Tectonic landforms usually dominate the scenery in any region that has experienced significant crustal disturbances, and this activity often shows as truly spectacular expressions in remote sensing images. For this reason, the theme chapter by this title in "Geomorphology from Space" is by far the longest. These landforms frequently reveal surface manifestations of the type of underlying deformation caused by plate tectonic interactions. Some of these interactions characterize orogenic (mountain) belts at subduction zones (convergence of two or more plates) or pull-apart regions where plates diverge. For anyone unfamiliar with the first-order framework of the global tectonic system, examine this map produced by Paul D. Lowman, Jr. (author of Section 12) of the lithospheric plates, spreading ridges, transform faults, and other tectonic features. Consult any introductory Geology textbook for more information on the Plate Tectonic paradigm.

First-order framework map of the global tectonic system.

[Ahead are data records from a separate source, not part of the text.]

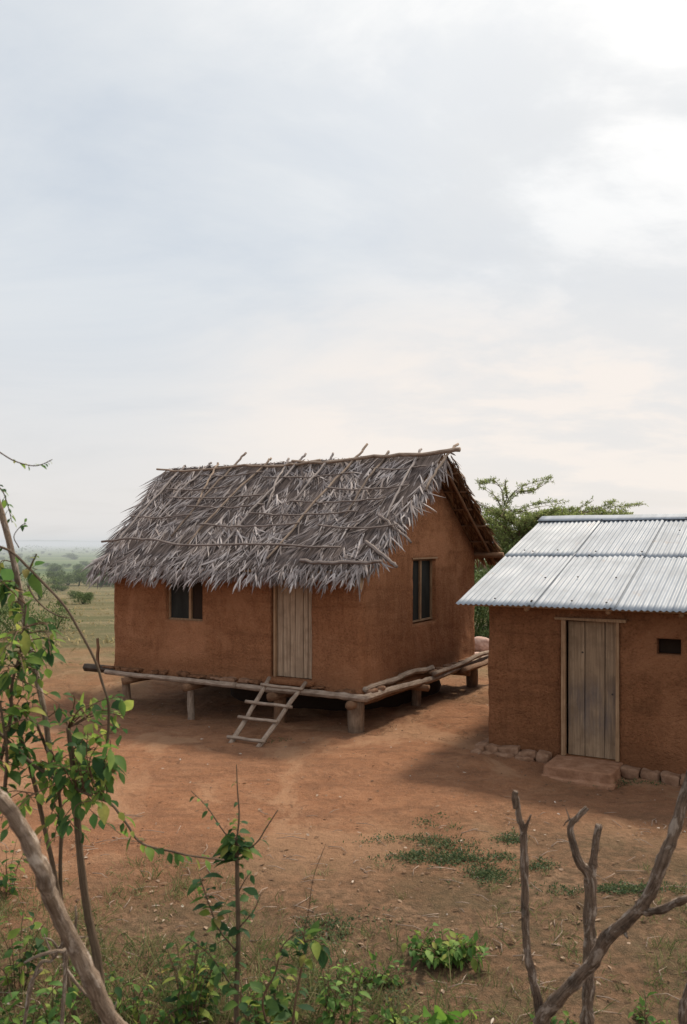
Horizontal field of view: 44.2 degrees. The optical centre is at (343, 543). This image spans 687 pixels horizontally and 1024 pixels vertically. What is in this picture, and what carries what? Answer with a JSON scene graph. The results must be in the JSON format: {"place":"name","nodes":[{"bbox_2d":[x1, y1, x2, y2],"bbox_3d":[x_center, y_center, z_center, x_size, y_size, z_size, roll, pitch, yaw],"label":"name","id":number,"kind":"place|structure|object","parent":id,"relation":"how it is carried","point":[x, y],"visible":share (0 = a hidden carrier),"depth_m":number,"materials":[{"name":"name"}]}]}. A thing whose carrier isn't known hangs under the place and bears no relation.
{"place":"outdoors","nodes":[
{"label":"outdoors","id":0,"kind":"place"},
{"bbox_2d":[0,540,108,544],"bbox_3d":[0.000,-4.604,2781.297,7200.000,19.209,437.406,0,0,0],"label":"hills","id":1,"kind":"structure","parent":0,"point":[47,542],"depth_m":2599.20,"materials":[{"name":"grey plant"}]},
{"bbox_2d":[0,580,485,668],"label":"field grass","id":2,"kind":"structure","parent":0,"point":[74,640],"depth_m":28.84,"materials":[{"name":"green plant"}]},
{"bbox_2d":[0,545,686,1023],"bbox_3d":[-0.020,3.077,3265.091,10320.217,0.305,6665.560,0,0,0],"label":"ground","id":3,"kind":"structure","parent":0,"point":[158,741],"depth_m":8.70,"materials":[{"name":"brown soil"}]},
{"bbox_2d":[5,565,22,571],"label":"bush","id":4,"kind":"object","parent":3,"relation":"on","point":[20,567],"visible":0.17,"depth_m":81.00,"materials":[{"name":"green plant"}]},
{"bbox_2d":[0,839,28,897],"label":"broad leaf plant","id":5,"kind":"object","parent":3,"relation":"on","point":[4,881],"visible":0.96,"depth_m":7.16,"materials":[{"name":"green plant"}]},
{"bbox_2d":[0,599,49,637],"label":"bush","id":6,"kind":"object","parent":3,"relation":"on","point":[3,623],"visible":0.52,"depth_m":26.90,"materials":[{"name":"green plant"}]},
{"bbox_2d":[0,907,52,990],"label":"young plant","id":7,"kind":"object","parent":3,"relation":"on","point":[38,946],"visible":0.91,"depth_m":5.68,"materials":[{"name":"green plant"}]},
{"bbox_2d":[25,555,33,562],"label":"bush","id":8,"kind":"object","parent":3,"relation":"on","point":[29,558],"visible":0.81,"depth_m":132.99,"materials":[{"name":"green plant"}]},
{"bbox_2d":[0,980,73,1023],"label":"broad leaf plant","id":9,"kind":"object","parent":3,"relation":"on","point":[10,996],"visible":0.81,"depth_m":5.06,"materials":[{"name":"green plant"}]},
{"bbox_2d":[21,573,61,599],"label":"bush","id":10,"kind":"object","parent":3,"relation":"on","point":[39,596],"visible":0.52,"depth_m":45.04,"materials":[{"name":"green plant"}]},
{"bbox_2d":[21,601,82,630],"bbox_3d":[-9.995,2.544,28.809,1.950,1.114,1.947,0,0,37],"label":"bush","id":11,"kind":"object","parent":3,"relation":"on","point":[59,611],"visible":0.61,"depth_m":28.99,"materials":[{"name":"green plant"}]},
{"bbox_2d":[2,543,104,552],"bbox_3d":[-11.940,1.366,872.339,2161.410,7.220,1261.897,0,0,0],"label":"scrub","id":12,"kind":"object","parent":3,"relation":"on","point":[36,546],"visible":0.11,"depth_m":425.07,"materials":[{"name":"green plant"}]},
{"bbox_2d":[25,965,82,1023],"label":"young plant","id":13,"kind":"object","parent":3,"relation":"on","point":[71,994],"visible":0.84,"depth_m":5.00,"materials":[{"name":"green plant"}]},
{"bbox_2d":[22,934,87,1023],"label":"dead twigs","id":14,"kind":"object","parent":3,"relation":"on","point":[56,951],"visible":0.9,"depth_m":4.49,"materials":[{"name":"wood"}]},
{"bbox_2d":[46,565,63,572],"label":"bush","id":15,"kind":"object","parent":3,"relation":"on","point":[53,569],"visible":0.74,"depth_m":81.29,"materials":[{"name":"green plant"}]},
{"bbox_2d":[46,578,66,584],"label":"bush","id":16,"kind":"object","parent":3,"relation":"on","point":[54,581],"visible":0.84,"depth_m":59.52,"materials":[{"name":"green plant"}]},
{"bbox_2d":[45,570,68,578],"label":"bush","id":17,"kind":"object","parent":3,"relation":"on","point":[53,574],"visible":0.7,"depth_m":65.20,"materials":[{"name":"green plant"}]},
{"bbox_2d":[56,585,69,590],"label":"bush","id":18,"kind":"object","parent":3,"relation":"on","point":[61,588],"visible":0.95,"depth_m":53.66,"materials":[{"name":"green plant"}]},
{"bbox_2d":[0,788,127,1023],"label":"leaning branch","id":19,"kind":"object","parent":3,"relation":"on","point":[102,1004],"visible":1,"depth_m":3.10,"materials":[{"name":"brown plant"}]},
{"bbox_2d":[57,575,76,584],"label":"bush","id":20,"kind":"object","parent":3,"relation":"on","point":[69,577],"visible":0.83,"depth_m":61.08,"materials":[{"name":"green plant"}]},
{"bbox_2d":[67,590,82,597],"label":"bush","id":21,"kind":"object","parent":3,"relation":"on","point":[72,593],"visible":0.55,"depth_m":46.45,"materials":[{"name":"green plant"}]},
{"bbox_2d":[69,568,85,579],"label":"bush","id":22,"kind":"object","parent":3,"relation":"on","point":[76,571],"visible":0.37,"depth_m":66.65,"materials":[{"name":"green plant"}]},
{"bbox_2d":[69,572,89,585],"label":"bush","id":23,"kind":"object","parent":3,"relation":"on","point":[81,577],"visible":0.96,"depth_m":60.05,"materials":[{"name":"green plant"}]},
{"bbox_2d":[73,564,87,569],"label":"bush","id":24,"kind":"object","parent":3,"relation":"on","point":[77,566],"visible":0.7,"depth_m":87.27,"materials":[{"name":"green plant"}]},
{"bbox_2d":[71,591,94,603],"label":"bush","id":25,"kind":"object","parent":3,"relation":"on","point":[88,597],"visible":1,"depth_m":41.92,"materials":[{"name":"green plant"}]},
{"bbox_2d":[70,958,116,1004],"bbox_3d":[-1.697,2.903,5.600,0.300,0.235,0.405,0,0,0],"label":"young plant","id":26,"kind":"object","parent":3,"relation":"on","point":[75,987],"visible":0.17,"depth_m":5.59,"materials":[{"name":"green plant"}]},
{"bbox_2d":[98,578,112,585],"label":"bush","id":27,"kind":"object","parent":3,"relation":"on","point":[105,584],"visible":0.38,"depth_m":58.86,"materials":[{"name":"green plant"}]},
{"bbox_2d":[0,452,223,1023],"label":"leafy shrub","id":28,"kind":"object","parent":3,"relation":"on","point":[99,770],"visible":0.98,"depth_m":4.80,"materials":[{"name":"green plant"}]},
{"bbox_2d":[104,973,156,1022],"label":"young plant","id":29,"kind":"object","parent":3,"relation":"on","point":[117,990],"visible":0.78,"depth_m":5.28,"materials":[{"name":"green plant"}]},
{"bbox_2d":[124,987,187,1023],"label":"young plant","id":30,"kind":"object","parent":3,"relation":"on","point":[161,1018],"visible":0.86,"depth_m":5.12,"materials":[{"name":"green plant"}]},
{"bbox_2d":[157,935,212,1023],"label":"young plant","id":31,"kind":"object","parent":3,"relation":"on","point":[192,998],"visible":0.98,"depth_m":5.15,"materials":[{"name":"green plant"}]},
{"bbox_2d":[175,947,226,1013],"bbox_3d":[-0.912,2.783,5.351,0.366,0.438,0.309,0,0,0],"label":"young plant","id":32,"kind":"object","parent":3,"relation":"on","point":[208,986],"visible":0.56,"depth_m":5.31,"materials":[{"name":"green plant"}]},
{"bbox_2d":[185,764,277,1023],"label":"sapling","id":33,"kind":"object","parent":3,"relation":"on","point":[230,848],"visible":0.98,"depth_m":4.87,"materials":[{"name":"green plant"}]},
{"bbox_2d":[228,978,269,1023],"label":"young plant","id":34,"kind":"object","parent":3,"relation":"on","point":[257,1019],"visible":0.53,"depth_m":4.99,"materials":[{"name":"green plant"}]},
{"bbox_2d":[227,676,306,746],"bbox_3d":[-1.230,2.653,13.369,0.904,0.840,1.588,0,0,27],"label":"wooden ladder","id":35,"kind":"object","parent":3,"relation":"on","point":[235,736],"visible":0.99,"depth_m":13.25,"materials":[{"name":"wood"}]},
{"bbox_2d":[222,844,331,1023],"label":"drooping weed","id":36,"kind":"object","parent":3,"relation":"on","point":[317,948],"visible":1,"depth_m":4.70,"materials":[{"name":"green plant"}]},
{"bbox_2d":[252,958,305,1023],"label":"young plant","id":37,"kind":"object","parent":3,"relation":"on","point":[280,996],"visible":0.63,"depth_m":5.04,"materials":[{"name":"green plant"}]},
{"bbox_2d":[81,443,503,733],"bbox_3d":[-1.003,0.708,17.352,7.708,5.370,6.696,0,0,30],"label":"thatched hut","id":38,"kind":"object","parent":3,"relation":"on","point":[348,583],"visible":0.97,"depth_m":15.30,"materials":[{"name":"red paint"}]},
{"bbox_2d":[169,574,202,620],"bbox_3d":[-2.865,0.944,15.517,0.858,0.929,0.063,0,0,30],"label":"window","id":39,"kind":"structure","parent":38,"relation":"in","point":[186,605],"depth_m":15.54,"materials":[{"name":"brown wood"}]},
{"bbox_2d":[278,575,311,678],"bbox_3d":[-0.803,1.360,14.347,0.719,1.810,0.079,0,0,30],"label":"door","id":40,"kind":"structure","parent":38,"relation":"in","point":[295,606],"depth_m":14.32,"materials":[{"name":"brown wood"}]},
{"bbox_2d":[412,557,437,621],"bbox_3d":[1.457,0.846,15.674,0.156,1.187,1.112,0,0,30],"label":"window","id":41,"kind":"structure","parent":38,"relation":"in","point":[422,567],"depth_m":15.85,"materials":[{"name":"brown wood"}]},
{"bbox_2d":[315,965,351,1023],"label":"young plant","id":42,"kind":"object","parent":3,"relation":"on","point":[327,1002],"visible":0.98,"depth_m":5.18,"materials":[{"name":"green plant"}]},
{"bbox_2d":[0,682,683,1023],"bbox_3d":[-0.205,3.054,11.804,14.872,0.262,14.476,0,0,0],"label":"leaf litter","id":43,"kind":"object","parent":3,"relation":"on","point":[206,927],"visible":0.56,"depth_m":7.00,"materials":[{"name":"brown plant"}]},
{"bbox_2d":[0,821,686,1023],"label":"grass","id":44,"kind":"structure","parent":3,"relation":"on","point":[264,944],"depth_m":5.91,"materials":[{"name":"green plant"}]},
{"bbox_2d":[0,808,686,1023],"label":"fallen twigs","id":45,"kind":"object","parent":3,"relation":"on","point":[137,815],"visible":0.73,"depth_m":6.96,"materials":[{"name":"brown wood"}]},
{"bbox_2d":[3,710,685,1021],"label":"pebbles","id":46,"kind":"object","parent":3,"relation":"on","point":[512,925],"visible":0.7,"depth_m":8.02,"materials":[{"name":"beige stone"}]},
{"bbox_2d":[320,964,371,1023],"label":"young plant","id":47,"kind":"object","parent":3,"relation":"on","point":[346,1017],"visible":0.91,"depth_m":5.20,"materials":[{"name":"green plant"}]},
{"bbox_2d":[337,950,416,989],"bbox_3d":[0.209,2.916,5.769,0.464,0.206,0.418,0,0,35],"label":"weed","id":48,"kind":"object","parent":3,"relation":"on","point":[377,980],"visible":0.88,"depth_m":5.73,"materials":[{"name":"green plant"}]},
{"bbox_2d":[79,737,686,1023],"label":"ground cover","id":49,"kind":"object","parent":3,"relation":"on","point":[625,888],"visible":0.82,"depth_m":7.65,"materials":[{"name":"green plant"}]},
{"bbox_2d":[369,996,421,1023],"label":"young plant","id":50,"kind":"object","parent":3,"relation":"on","point":[390,1016],"visible":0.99,"depth_m":5.16,"materials":[{"name":"green plant"}]},
{"bbox_2d":[361,686,488,740],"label":"straw litter","id":51,"kind":"object","parent":3,"relation":"on","point":[440,722],"visible":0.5,"depth_m":13.90,"materials":[{"name":"brown plant"}]},
{"bbox_2d":[401,922,489,973],"bbox_3d":[0.730,2.882,6.049,0.641,0.284,0.484,0,0,0],"label":"weed","id":52,"kind":"object","parent":3,"relation":"on","point":[436,954],"visible":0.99,"depth_m":5.99,"materials":[{"name":"green plant"}]},
{"bbox_2d":[423,1004,484,1023],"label":"broad leaf plant","id":53,"kind":"object","parent":3,"relation":"on","point":[439,1016],"visible":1,"depth_m":4.94,"materials":[{"name":"green plant"}]},
{"bbox_2d":[474,568,489,637],"bbox_3d":[4.335,1.903,27.184,2.885,2.342,2.755,0,0,44],"label":"bush","id":54,"kind":"object","parent":3,"relation":"on","point":[481,617],"visible":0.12,"depth_m":26.52,"materials":[{"name":"green plant"}]},
{"bbox_2d":[475,636,488,651],"bbox_3d":[3.667,2.692,22.485,0.545,0.438,0.459,0,0,0],"label":"rock","id":55,"kind":"object","parent":3,"relation":"on","point":[481,644],"visible":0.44,"depth_m":22.29,"materials":[{"name":"pink stone"}]},
{"bbox_2d":[474,544,511,610],"bbox_3d":[6.235,1.541,29.880,5.210,3.170,4.896,0,0,0],"label":"bush","id":56,"kind":"object","parent":3,"relation":"on","point":[509,547],"visible":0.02,"depth_m":29.27,"materials":[{"name":"green plant"}]},
{"bbox_2d":[530,1011,577,1023],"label":"young plant","id":57,"kind":"object","parent":3,"relation":"on","point":[554,1020],"visible":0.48,"depth_m":5.14,"materials":[{"name":"green plant"}]},
{"bbox_2d":[474,474,648,575],"bbox_3d":[7.686,0.286,31.004,6.832,5.735,3.914,0,0,0],"label":"acacia tree","id":58,"kind":"object","parent":3,"relation":"on","point":[501,519],"visible":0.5,"depth_m":30.38,"materials":[{"name":"green plant"}]},
{"bbox_2d":[456,513,686,789],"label":"tin roofed house","id":59,"kind":"structure","parent":3,"relation":"on","point":[588,619],"depth_m":11.62,"materials":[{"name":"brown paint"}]},
{"bbox_2d":[568,621,615,758],"bbox_3d":[3.387,1.973,11.482,0.656,1.829,0.079,0,0,30],"label":"door","id":60,"kind":"structure","parent":59,"relation":"in","point":[592,672],"depth_m":11.45,"materials":[{"name":"brown wood"}]},
{"bbox_2d":[563,806,602,1023],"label":"forked dead stump","id":61,"kind":"object","parent":3,"relation":"on","point":[588,871],"visible":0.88,"depth_m":4.98,"materials":[{"name":"wood"}]},
{"bbox_2d":[511,770,686,1023],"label":"forked dead branch","id":62,"kind":"object","parent":3,"relation":"on","point":[554,1002],"visible":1,"depth_m":4.35,"materials":[{"name":"wood"}]},
{"bbox_2d":[628,992,675,1023],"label":"young plant","id":63,"kind":"object","parent":3,"relation":"on","point":[643,1003],"visible":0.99,"depth_m":5.32,"materials":[{"name":"green plant"}]},
{"bbox_2d":[678,971,686,1023],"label":"dead stub","id":64,"kind":"object","parent":3,"relation":"on","point":[682,1011],"visible":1,"depth_m":4.49,"materials":[{"name":"brown wood"}]},
{"bbox_2d":[0,0,686,540],"label":"sky","id":65,"kind":"structure","parent":0,"point":[280,230],"materials":[{"name":"white"}]}
]}

We described some exceptional examples of tectonic landforms in Sections 2, 6, 7 and 9, which you can review (look particularly at the Zagros folds and the Pindus thrust belts in Section 2 and the Appalachian folds and Basin and Range block fault mountains in Section 6). These paragraphs focused on folds and faults, the most common types of tectonic deformation. The resulting landforms commonly have elevation differences (relief) that may be sufficient to change ecosystems developed at these heights. Thus, mountains in a semi-arid climate may be heavily vegetated (dark toned in visible band images) and adjacent basins less so (light), thus, showing strong contrasts in black and white images (the Nimbus 3 image in Section 14 is a good example). Mountainous terrains appear clearly in Landsat and radar images by virtue of shadowing, which causes tonal variations related to slope/sun positions.

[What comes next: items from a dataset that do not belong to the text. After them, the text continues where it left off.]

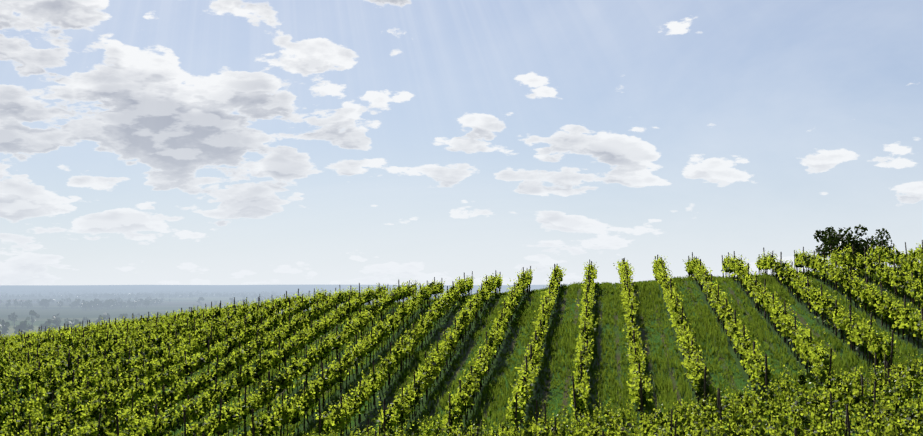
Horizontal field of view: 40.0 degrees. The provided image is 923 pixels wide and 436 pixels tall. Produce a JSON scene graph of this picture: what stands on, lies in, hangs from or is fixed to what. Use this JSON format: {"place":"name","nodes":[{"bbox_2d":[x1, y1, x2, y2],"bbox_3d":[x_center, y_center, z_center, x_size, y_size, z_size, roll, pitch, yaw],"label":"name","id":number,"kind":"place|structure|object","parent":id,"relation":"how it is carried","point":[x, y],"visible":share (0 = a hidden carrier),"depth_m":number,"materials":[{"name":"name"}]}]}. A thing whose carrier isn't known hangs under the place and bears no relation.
{"place":"outdoors","nodes":[
{"label":"outdoors","id":0,"kind":"place"},
{"bbox_2d":[0,274,922,435],"bbox_3d":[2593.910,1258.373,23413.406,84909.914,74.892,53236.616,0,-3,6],"label":"ground","id":1,"kind":"structure","parent":0,"point":[65,311],"depth_m":76.07,"materials":[{"name":"green plant"}]},
{"bbox_2d":[0,288,362,302],"bbox_3d":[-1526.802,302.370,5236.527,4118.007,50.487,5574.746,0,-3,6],"label":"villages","id":2,"kind":"object","parent":1,"relation":"on","point":[34,300],"visible":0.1,"depth_m":3484.76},
{"bbox_2d":[0,288,533,336],"bbox_3d":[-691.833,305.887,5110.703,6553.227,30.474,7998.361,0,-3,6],"label":"distant trees","id":3,"kind":"object","parent":1,"relation":"on","point":[57,321],"visible":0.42,"depth_m":3039.83,"materials":[{"name":"grey plant"}]},
{"bbox_2d":[0,240,922,435],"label":"vineyard","id":4,"kind":"object","parent":1,"relation":"on","point":[38,352],"visible":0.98,"depth_m":72.24,"materials":[{"name":"green plant"}]},
{"bbox_2d":[1,266,922,435],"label":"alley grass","id":5,"kind":"structure","parent":1,"relation":"on","point":[525,311],"depth_m":69.81,"materials":[{"name":"green plant"}]},
{"bbox_2d":[194,353,922,435],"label":"vineyard","id":6,"kind":"object","parent":1,"relation":"on","point":[879,415],"visible":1,"depth_m":40.05,"materials":[{"name":"green plant"}]},
{"bbox_2d":[813,224,892,269],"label":"crest tree","id":7,"kind":"object","parent":1,"relation":"on","point":[833,239],"visible":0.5,"depth_m":151.56,"materials":[{"name":"green plant"}]},
{"bbox_2d":[0,0,922,284],"label":"sky","id":8,"kind":"structure","parent":0,"point":[143,142],"materials":[{"name":"blue"}]}
]}

Because we already showed several examples of fold belts, we will only re-enforce this survey with one additional image, here in western Pakistan, showing part of the fold belt that came from the huge collision between the Indian subcontinent and southern Asia (the context of this is evident in the mosaic examined earlier in Section 7). The scene shows the Sulaiman fold belt, consisting of echelon (offset) anticlines (some closed), making up the ridges (flat valleys occupy intervening synclines). The Kingri fault passes through the image center (look for an abrupt discontinuity). The crustal block to its west (left) has moved northward relative to the block on the east.

Color image part of a fold belt in western Pakistan.

 

17-3: As a generalization, would you say that the "style" of deformation in the Anti-Atlas and Pakistan scenes is similar or dissimilar? ANSWER

To the west is the Arabian tectonic plate, caught between the African, Eurasian, and Indian-Australian plates as they move in different directions. The western part of this plate is a crystalline shield (a continental nucleus containing ancient igneous and metamorphic rocks). Below is a mosaic (from 12 individual Landsat scenes) of the shield as exposed in southern Saudi Arabia and the Yemen Arab Republic.

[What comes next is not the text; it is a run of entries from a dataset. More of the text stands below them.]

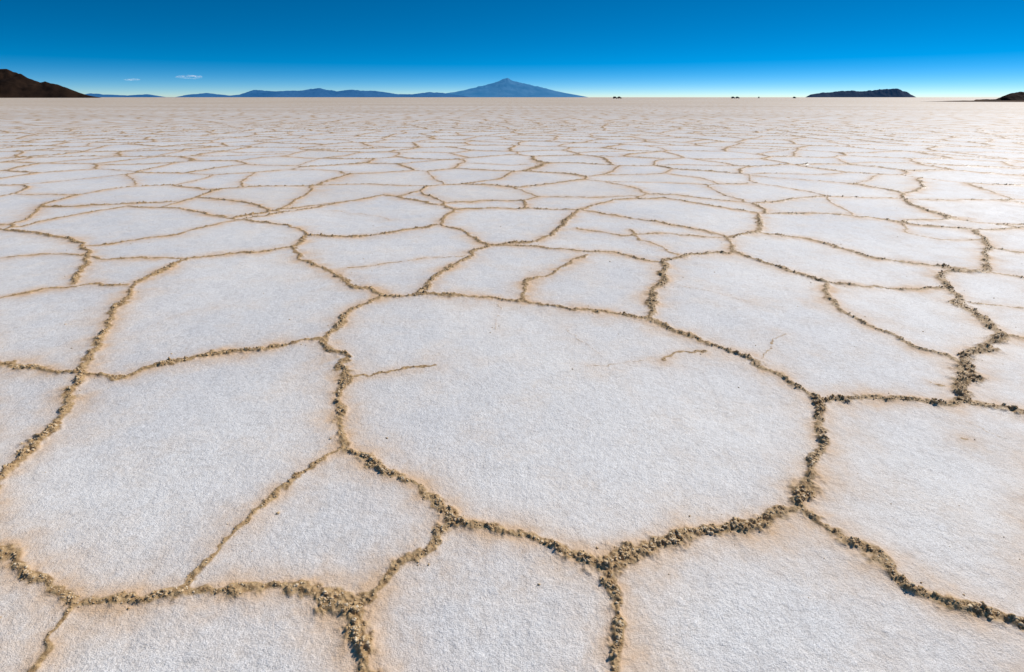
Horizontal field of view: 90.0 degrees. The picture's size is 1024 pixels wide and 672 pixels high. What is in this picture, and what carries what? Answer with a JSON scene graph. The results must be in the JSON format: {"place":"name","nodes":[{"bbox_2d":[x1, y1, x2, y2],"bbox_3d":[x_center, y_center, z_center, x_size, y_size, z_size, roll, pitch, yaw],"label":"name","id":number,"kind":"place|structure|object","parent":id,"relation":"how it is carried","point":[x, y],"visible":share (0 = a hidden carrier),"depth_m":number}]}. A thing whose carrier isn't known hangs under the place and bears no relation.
{"place":"outdoors","nodes":[
{"label":"outdoors","id":0,"kind":"place"},
{"bbox_2d":[0,69,99,97],"bbox_3d":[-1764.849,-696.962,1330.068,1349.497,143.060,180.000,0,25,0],"label":"hill","id":1,"kind":"structure","parent":0,"point":[14,85],"depth_m":1326.23},
{"bbox_2d":[85,88,467,96],"bbox_3d":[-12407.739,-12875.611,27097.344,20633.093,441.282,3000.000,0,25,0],"label":"mountain range","id":2,"kind":"structure","parent":0,"point":[318,92],"depth_m":26532.53},
{"bbox_2d":[0,97,1023,671],"bbox_3d":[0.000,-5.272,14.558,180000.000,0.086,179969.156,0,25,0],"label":"salt flat ground","id":3,"kind":"structure","parent":0,"point":[572,423],"depth_m":2.76},
{"bbox_2d":[0,188,1021,665],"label":"salt crumbs","id":4,"kind":"object","parent":3,"relation":"on","point":[572,368],"visible":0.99,"depth_m":3.15},
{"bbox_2d":[0,156,1023,671],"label":"salt ridges","id":5,"kind":"object","parent":3,"relation":"on","point":[658,542],"visible":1,"depth_m":2.02},
{"bbox_2d":[977,92,1023,100],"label":"hill","id":6,"kind":"structure","parent":3,"relation":"on","point":[1017,96],"depth_m":206.70},
{"bbox_2d":[0,0,1023,96],"label":"sky","id":7,"kind":"structure","parent":0,"point":[164,48]},
{"bbox_2d":[447,78,584,96],"bbox_3d":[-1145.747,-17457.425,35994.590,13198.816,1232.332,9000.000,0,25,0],"label":"volcano","id":8,"kind":"structure","parent":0,"point":[506,87],"depth_m":34100.65},
{"bbox_2d":[807,88,914,96],"bbox_3d":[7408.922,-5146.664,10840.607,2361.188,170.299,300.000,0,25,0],"label":"island","id":9,"kind":"structure","parent":0,"point":[895,92],"depth_m":10782.09},
{"bbox_2d":[920,100,1023,101],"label":"shore soil","id":10,"kind":"structure","parent":0,"point":[976,101],"depth_m":176.32}
]}

Color Landsat mosaic image of the crystalline shield in the Arabian tectonic plate.

A dominant feature in this scene is the numerous granitic intrusions, whose boundaries show as distorted oval shapes. The shield is a region of low mountains separated by valleys, many of which are sand-covered. A prominent escarpment (near the upper, left edge) bounds the western edge of the shield. The coastal plain is edged by a fault-controlled scarp. Another scarp (lower right) also relates to the fault.

17-4: Broadly speaking, how does the tectonic "style" of this Arabian Shield scene differ from that of the previous two images? ANSWER

Another remarkable mosaic covers much of northwestern Australia, a region of limited vegetation so that the rocks and valley-fill stand out and reveal much of their underlying structure. This is the Western Australian shield, containing mostly Precambrian metasedimentary and metavolcanic rocks, interlaced in places by igneous rocks. At the top of the mosaic is the Pilbara block, a leading candidate for the classic expression of an ancient greenstone-granite complex anywhere on Earth.

 
Color Landsat mosaic image of the Western Australian shield.
Color-coded geomorphic map of the Western Australian shield.



The granite appears as batholiths, up to a 100 km (62 mi) long. These light rocks are diapiric intrusions into the dark greenstones (metamorphosed basalt). To the south is the Hamersley Range (blue area on the map) and the smaller Opthalmia Range (red), bordered on the south by the Ashburton Trough (left) and the Bangemall basin (right). Low-relief hills mark much of the region. The highest area (1,235 m, 4,051 ft) is in the Hamersley Range.

17-5: The upper and lower half of the Australian mosaic are tectonically different. What might this difference be (tectonically)? ANSWER

Turning now to volcanic landforms, we show two images that represent two major types of volcanoes.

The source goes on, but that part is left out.